§ **Task goal**
Report each line of the listing below that holds "value".

BEGIN Records supplied

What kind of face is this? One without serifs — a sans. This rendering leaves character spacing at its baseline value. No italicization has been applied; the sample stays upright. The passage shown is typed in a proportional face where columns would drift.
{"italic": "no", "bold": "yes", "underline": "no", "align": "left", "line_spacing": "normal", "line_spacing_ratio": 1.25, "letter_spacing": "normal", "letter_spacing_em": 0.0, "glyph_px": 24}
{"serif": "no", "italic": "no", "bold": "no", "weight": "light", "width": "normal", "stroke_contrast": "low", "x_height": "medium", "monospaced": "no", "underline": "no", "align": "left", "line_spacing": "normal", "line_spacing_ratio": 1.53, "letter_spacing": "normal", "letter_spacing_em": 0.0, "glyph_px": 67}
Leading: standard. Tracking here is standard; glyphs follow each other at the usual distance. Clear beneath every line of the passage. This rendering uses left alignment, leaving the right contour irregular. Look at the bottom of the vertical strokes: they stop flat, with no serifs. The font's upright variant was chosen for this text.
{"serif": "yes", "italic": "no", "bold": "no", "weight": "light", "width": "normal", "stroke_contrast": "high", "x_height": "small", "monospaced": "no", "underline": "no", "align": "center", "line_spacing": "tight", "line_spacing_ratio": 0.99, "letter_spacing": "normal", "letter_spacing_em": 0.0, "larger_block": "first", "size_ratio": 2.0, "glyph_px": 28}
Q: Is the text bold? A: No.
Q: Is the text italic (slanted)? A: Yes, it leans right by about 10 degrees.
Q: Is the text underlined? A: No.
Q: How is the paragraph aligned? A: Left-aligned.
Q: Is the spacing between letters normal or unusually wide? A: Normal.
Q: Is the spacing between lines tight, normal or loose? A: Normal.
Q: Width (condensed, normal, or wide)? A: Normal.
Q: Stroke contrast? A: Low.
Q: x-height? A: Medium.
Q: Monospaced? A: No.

END Records supplied
BEGIN Records supplied

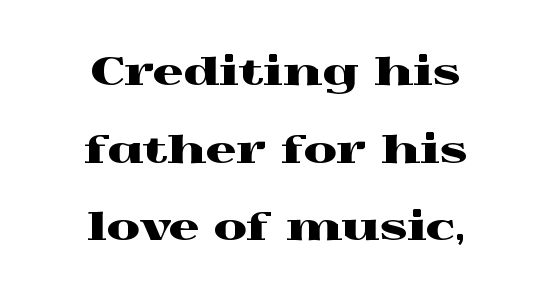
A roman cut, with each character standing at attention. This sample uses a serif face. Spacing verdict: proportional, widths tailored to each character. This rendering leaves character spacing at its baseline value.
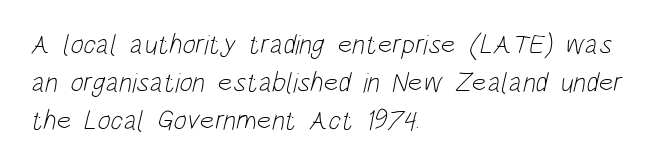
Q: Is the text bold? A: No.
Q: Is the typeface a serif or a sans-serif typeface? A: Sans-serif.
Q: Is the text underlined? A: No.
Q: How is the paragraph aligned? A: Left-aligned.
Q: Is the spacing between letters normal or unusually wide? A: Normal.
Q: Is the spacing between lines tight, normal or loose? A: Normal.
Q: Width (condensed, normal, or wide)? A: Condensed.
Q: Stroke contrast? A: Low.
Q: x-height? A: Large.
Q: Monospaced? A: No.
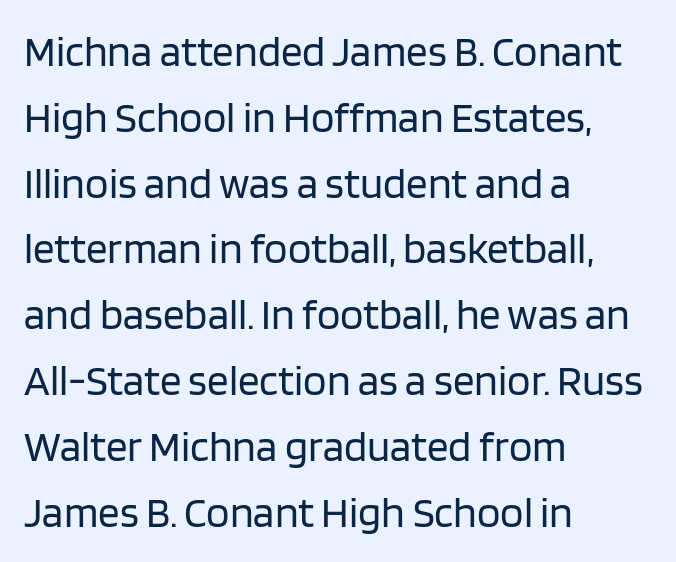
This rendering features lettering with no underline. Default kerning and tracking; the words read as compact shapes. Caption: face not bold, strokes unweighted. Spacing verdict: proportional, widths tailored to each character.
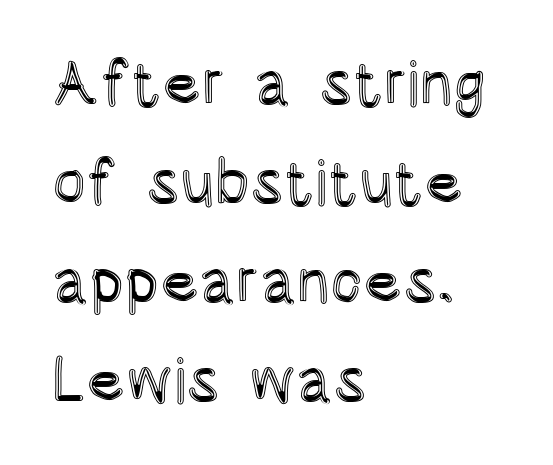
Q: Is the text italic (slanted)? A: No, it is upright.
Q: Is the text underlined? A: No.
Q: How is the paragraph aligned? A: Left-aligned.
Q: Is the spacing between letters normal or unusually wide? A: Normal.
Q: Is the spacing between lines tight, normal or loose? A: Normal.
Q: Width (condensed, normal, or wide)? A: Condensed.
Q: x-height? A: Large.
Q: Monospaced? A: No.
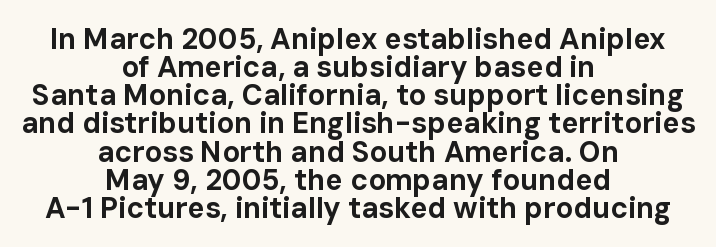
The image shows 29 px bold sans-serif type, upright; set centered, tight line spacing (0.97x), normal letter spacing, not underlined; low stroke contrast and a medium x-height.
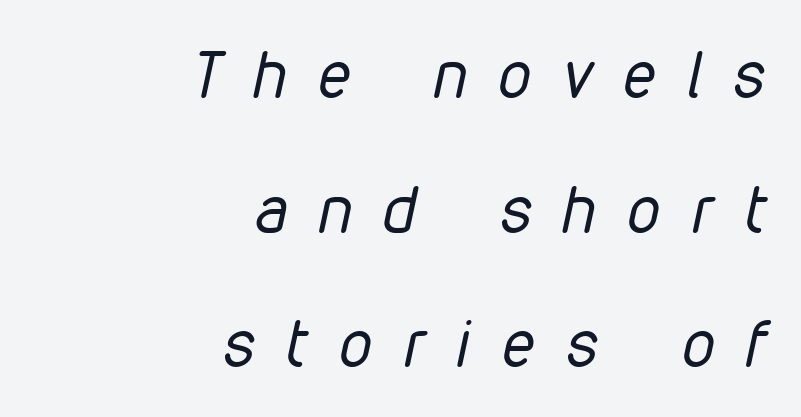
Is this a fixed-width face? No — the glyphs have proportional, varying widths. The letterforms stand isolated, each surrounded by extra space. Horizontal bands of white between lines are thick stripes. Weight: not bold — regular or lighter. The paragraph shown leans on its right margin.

END Records supplied

§ **Result of this exercise**
What kind of face is this? One without serifs — a sans. This rendering leaves character spacing at its baseline value. No italicization has been applied; the sample stays upright. The passage shown is typed in a proportional face where columns would drift.
A roman cut, with each character standing at attention. This sample uses a serif face. Spacing verdict: proportional, widths tailored to each character. This rendering leaves character spacing at its baseline value.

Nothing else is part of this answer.